フォト
無料ブログはココログ

« 2015年9月 | トップページ | 2015年11月 »

2015年10月

2015年10月30日 (金)

どんな大富豪でも経験できない幸せ

Haluの良さは何だろうか。他の農法とのいわゆる“差別化”とか、あるいは“優位性”とは何だろうか。そんなことを考えています。

畑を見ていると、「無肥料で野菜ができるのか」という議論はもはや時代遅れです。無肥料で農作物ができるのは当たり前。これからは、「さらに効率の良い土壌改良方法」とか、「さらに食味を良くする工夫」とかに焦点が移ってくるでしょう。

とはいえ、いま現在、そのことはHaluに興味を持ち、実践している方だけに共通している認識だと思います。そして、そのことを焦って外向きに発信する必要がないほど、技術は確かになってきたという実感が持てるようになりました。

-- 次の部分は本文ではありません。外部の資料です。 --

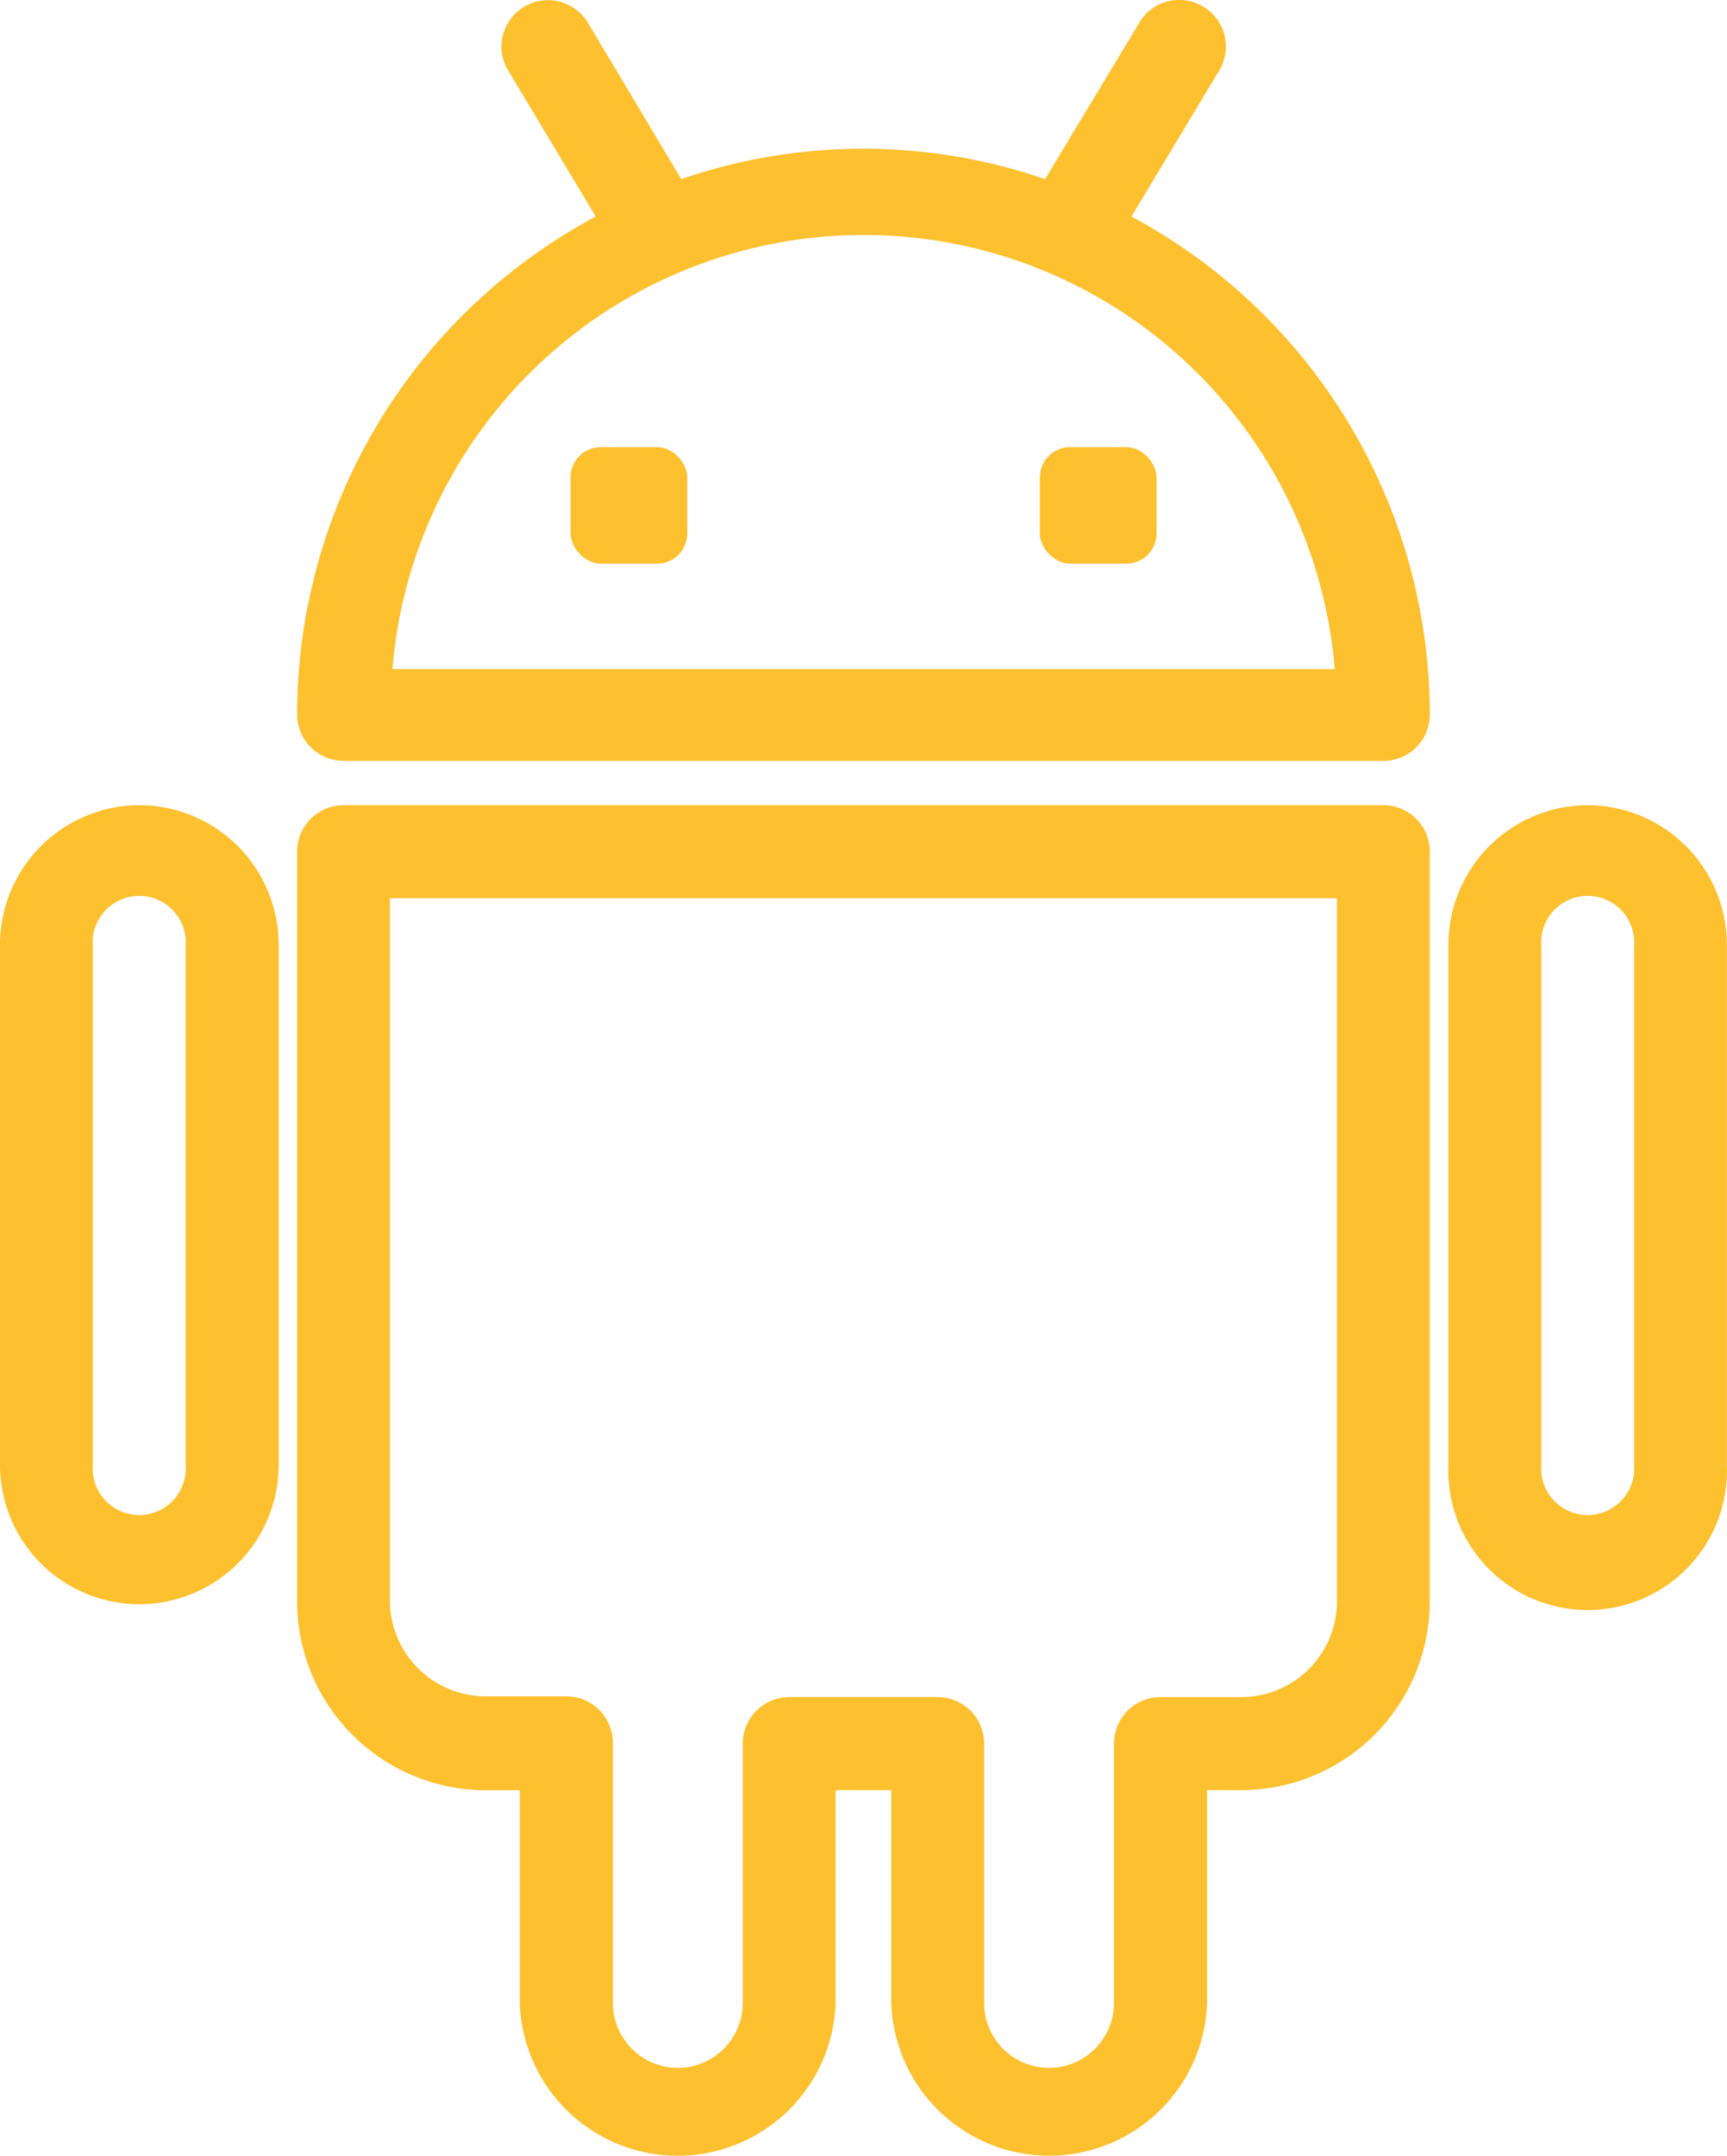 <?xml version="1.0" encoding="UTF-8"?><svg xmlns="http://www.w3.org/2000/svg" width="77.906" height="97.191" viewBox="0 0 77.906 97.191"><defs><style>.a{fill:#fdc02f;}</style></defs><g transform="translate(0 0)"><path class="a" d="M49.577,9.765l3.962-6.589A2.087,2.087,0,0,0,52.81.3a2.088,2.088,0,0,0-2.874.718l-4.254,7.06a25.222,25.222,0,0,0-16.411,0l-4.221-7.06a2.1,2.1,0,0,0-3.828.572,2.02,2.02,0,0,0,.236,1.583L25.41,9.765a25.48,25.48,0,0,0-13.47,22.45,2.1,2.1,0,0,0,2.1,2.088H60.948a2.088,2.088,0,0,0,2.088-2.088A25.492,25.492,0,0,0,49.577,9.765Zm-33.338,20.4a21.327,21.327,0,0,1,42.509,0Z" transform="translate(1.463 -0.002)"/><rect class="a" width="5.264" height="5.253" rx="1.36" transform="translate(46.909 20.158)"/><rect class="a" width="5.264" height="5.253" rx="1.36" transform="translate(25.739 20.158)"/><path class="a" d="M60.948,32.34H14.039a2.1,2.1,0,0,0-2.1,2.1v33.8a8.52,8.52,0,0,0,8.52,8.508h1.527v9.642a7.128,7.128,0,0,0,14.244,0V76.745h2.514v9.642a7.128,7.128,0,0,0,14.244,0V76.745h1.527a8.52,8.52,0,0,0,8.52-8.508v-33.8a2.1,2.1,0,0,0-2.088-2.1Zm-20.1,40.207H34.109a2.1,2.1,0,0,0-2.065,2.065V86.387a2.93,2.93,0,0,1-5.859,0V74.613a2.1,2.1,0,0,0-2.1-2.1H20.46a4.322,4.322,0,0,1-4.333-4.31V36.538H58.849v31.7a4.322,4.322,0,0,1-4.333,4.31H50.89a2.1,2.1,0,0,0-2.1,2.066V86.387a2.93,2.93,0,0,1-5.859,0V74.613A2.1,2.1,0,0,0,40.844,72.547Z" transform="translate(1.463 3.959)"/><path class="a" d="M64.485,32.34a6.3,6.3,0,0,0-6.275,6.353V62.075a6.286,6.286,0,1,0,12.561,0V38.693a6.3,6.3,0,0,0-6.286-6.353Zm2.1,29.735a2.1,2.1,0,1,1-4.187,0V38.693a2.1,2.1,0,1,1,4.187,0Z" transform="translate(7.129 3.959)"/><path class="a" d="M6.286,32.34A6.3,6.3,0,0,0,0,38.693V62.075a6.286,6.286,0,0,0,12.572,0V38.693A6.3,6.3,0,0,0,6.286,32.34ZM8.374,62.075a2.1,2.1,0,1,1-4.187,0V38.693a2.1,2.1,0,1,1,4.187,0Z" transform="translate(0 3.959)"/></g></svg>

いま現在、世界のどんな大富豪でも経験できない幸せが、Haluの畑にあると思います。Haluの野菜は、完全な自然食品ですから、安心して食べることができます。しかも、とても美味しく、心も身体も喜びます。

一方、美味しい有機野菜をつくることができる達人はいらっしゃるでしょう。世界の大富豪は、お金を出して、こうした有機野菜を食べることはできると思いますが、Haluの野菜を食べることはできません。Haluの畑で味わえる自然との一体感も経験できません。

そう考えると、「Haluを実践すると、大富豪より幸せになれる」と言えなくもないですよね。夏のスイカやカボチャ、いますくす育っているダイコンは、確かに私たちの手に触れられるところにあり、実際に食べることができます。Haluの畑にある豊かな生態系を肌で感じることができます。

こういう喜びを上手に表現できるようになるといいなと自分では思うのですが、なかなか言葉は難しいです。

2015年10月26日 (月)

共生微生物の威力~Haluの世界その14

肥料を使わずに、野菜は大きく育つのだろうか?
また、単一作物を大量に作ることができるのだろうか?

現時点で、ごく一般的な疑問だろうと思います。たとえば、私の畑の場合、同じ畝でも育ち方が違っていて、信じられないほど早く、大きく育つところがあります。土壌改良中によく見られる現象です。

ところで、きょうのタイトルは、常識的に考えると「共生微生物の力」とすべきかもしれません。それをあえて「威力」と書きました。それが私自身の実感だからです。言葉そのものは、あまり良い意味で使われることはなく、どちらかというと人を無理やりに従わせようとする悪い意味で使われます。ただ、私には、人の常識を書き換えてしまうほどのインパクトがあるという確信があります。「威力」という言葉を使ったのは、そういう理由からです。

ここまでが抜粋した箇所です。